» **Problem details**
Write out the entries below exactly as they stand. Skip every image.

======== Records

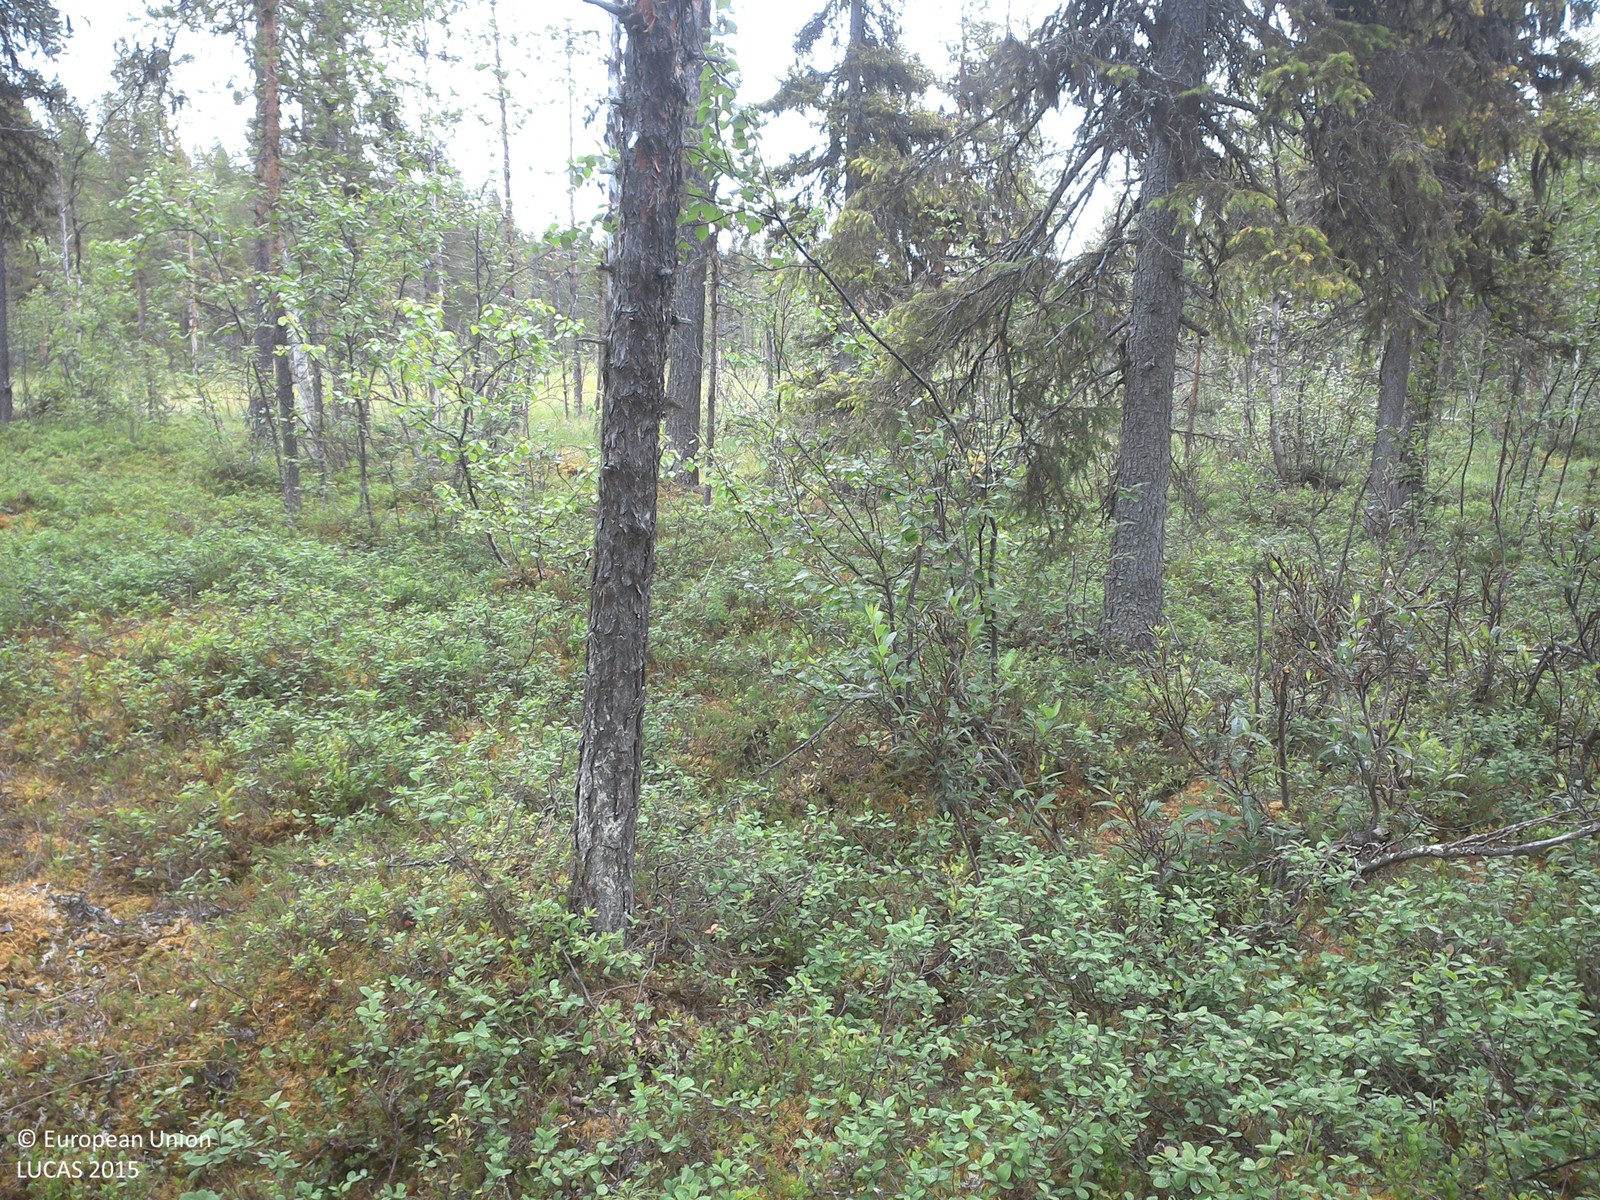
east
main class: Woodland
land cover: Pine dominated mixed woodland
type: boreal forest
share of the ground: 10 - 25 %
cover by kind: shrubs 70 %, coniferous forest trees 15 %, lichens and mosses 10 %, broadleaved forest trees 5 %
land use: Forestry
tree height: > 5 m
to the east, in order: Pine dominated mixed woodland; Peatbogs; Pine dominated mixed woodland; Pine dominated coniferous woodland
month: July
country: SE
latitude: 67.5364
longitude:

================

» **Output below**
east
main class: Woodland
land cover: Pine dominated mixed woodland
type: boreal forest
share of the ground: 10 - 25 %
cover by kind: shrubs 70 %, coniferous forest trees 15 %, lichens and mosses 10 %, broadleaved forest trees 5 %
land use: Forestry
tree height: > 5 m
to the east, in order: Pine dominated mixed woodland; Peatbogs; Pine dominated mixed woodland; Pine dominated coniferous woodland
month: July
country: SE
latitude: 67.5364
longitude:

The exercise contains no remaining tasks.